Societal norms change very fast

Yesterday the US Supreme Court heard oral arguments about whether the Constitution guarantees same-sex couples the right to marry. On the one hand, Justice Kennedy pointed out that the traditional  definition of marriage "has been with us for millennia.  And it ­­— it’s very difficult for the Court to say, oh, well, we ­­— we know better."  On the other hand, gay marriage is now legal in 36 states in the US. The lesson here is that societal norms of about all aspects of marriage are changing very quickly. It may indeed have been true in talmudic times that women wanted to marry more than did men, but our society is vastly different. And with that note of caution, we may proceed.

Who Wants to be Married?

In 2011 the anthropologist Helen Fisher and two colleagues released the "largest and most comprehensive nationally-representative study of single men and women ever done." They surveyed 5,200 single people in the US aged 21 to over 65, and found "a new picture of single Americans emerges that is radically different than it was 50 years ago..." And what of the talmudic claim that women are more eager to marry?
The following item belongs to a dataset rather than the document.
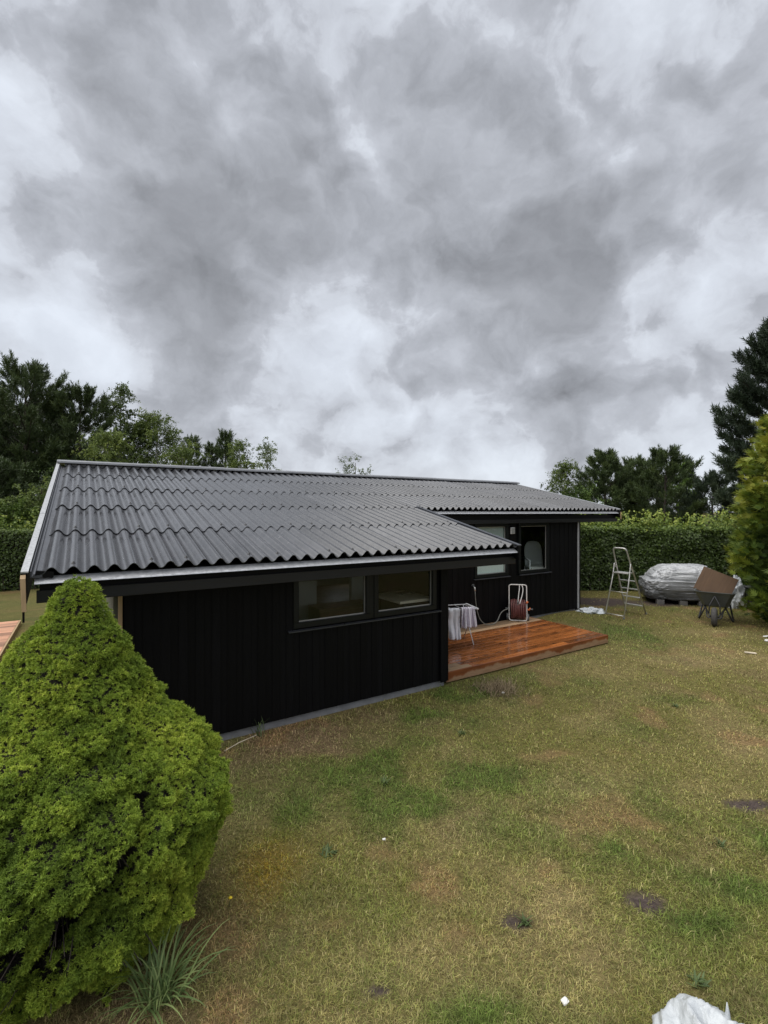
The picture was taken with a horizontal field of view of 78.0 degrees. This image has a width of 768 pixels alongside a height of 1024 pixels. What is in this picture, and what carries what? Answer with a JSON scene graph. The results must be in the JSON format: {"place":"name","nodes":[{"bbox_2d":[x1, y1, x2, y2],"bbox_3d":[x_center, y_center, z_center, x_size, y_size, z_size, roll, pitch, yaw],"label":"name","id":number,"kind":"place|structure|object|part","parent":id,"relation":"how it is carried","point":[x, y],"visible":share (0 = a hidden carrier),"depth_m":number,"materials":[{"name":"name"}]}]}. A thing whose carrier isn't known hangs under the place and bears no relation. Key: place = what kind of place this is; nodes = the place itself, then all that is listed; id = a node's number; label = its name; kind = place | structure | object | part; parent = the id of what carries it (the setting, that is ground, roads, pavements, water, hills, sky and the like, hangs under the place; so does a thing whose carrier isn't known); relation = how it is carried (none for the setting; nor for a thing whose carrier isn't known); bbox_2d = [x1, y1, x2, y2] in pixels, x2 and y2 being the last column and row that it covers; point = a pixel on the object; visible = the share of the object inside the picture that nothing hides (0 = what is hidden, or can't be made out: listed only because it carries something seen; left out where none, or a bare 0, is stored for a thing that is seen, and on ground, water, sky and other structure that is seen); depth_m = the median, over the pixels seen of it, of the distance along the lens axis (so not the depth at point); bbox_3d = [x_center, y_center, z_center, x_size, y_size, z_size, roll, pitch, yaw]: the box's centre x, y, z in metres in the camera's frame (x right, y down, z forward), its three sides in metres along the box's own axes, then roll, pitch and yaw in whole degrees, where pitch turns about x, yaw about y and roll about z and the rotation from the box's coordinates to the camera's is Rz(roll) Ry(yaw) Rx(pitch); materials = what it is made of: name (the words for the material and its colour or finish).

This national survey clearly shows that men are just as eager to marry as women are; 33% of both sexes want to say “I do.
— Helen Fisher 2011. The Forgotten Sex: Men.
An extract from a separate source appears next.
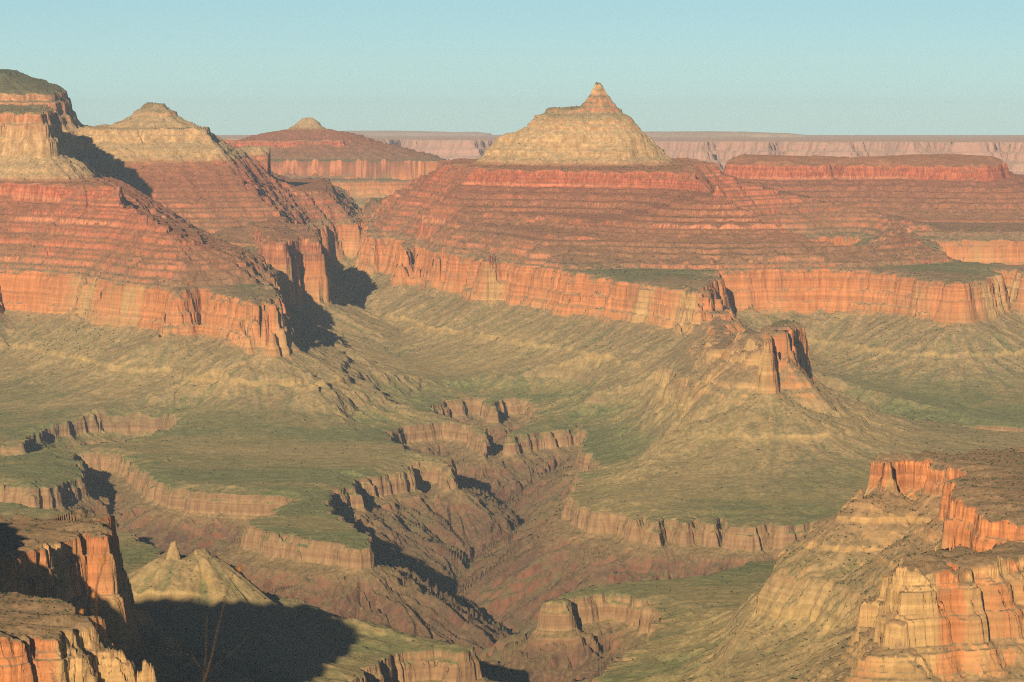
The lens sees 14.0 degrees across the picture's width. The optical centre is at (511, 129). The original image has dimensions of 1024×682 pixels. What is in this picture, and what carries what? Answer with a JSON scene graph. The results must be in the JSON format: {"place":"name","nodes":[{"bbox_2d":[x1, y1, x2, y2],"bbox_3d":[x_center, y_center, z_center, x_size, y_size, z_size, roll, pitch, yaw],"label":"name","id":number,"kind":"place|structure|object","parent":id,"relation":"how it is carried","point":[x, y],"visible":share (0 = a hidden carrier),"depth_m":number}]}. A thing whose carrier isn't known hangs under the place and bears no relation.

So today, in the US it is not correct to say that women want to be married more than men.  Some of Fisher's other findings about the attitudes of single men might surprise you too:

Men in every age group are more eager than women to have children.  Even young men. Among those between ages 21 and 34, 51% of men want kids, while 46% of women yearn for young.  Men are less picky too.  Fewer men say it is important to find a partner of their own ethnic background (20% of men vs 29%  of women said this is a “must have” or “very important”); and fewer say they want someone of their own religion (17% of men vs 28% of women said this is a “must have” or “very important”).   Men are also more likely to have experienced love at first sight...

Let's give the last word to Dr Fisher, (who serves as an advisor to Match.com), and remember the danger of assuming that human nature does not change.  

My colleagues and I have put over 60 men and women ages 18-57 into a brain scanner to study the brain circuitry of romantic passion.  We found no gender differences.  This..study supports what I have long suspected: that men are just as eager to find a partner, fall in love, commit long term and raise a family.   It’s an illuminating, indeed myth-shattering, new set of scientific data.  And the sooner we embrace these findings, and fling off our outmoded and unproductive beliefs about both sexes, the faster we will find—and keep–the love we want.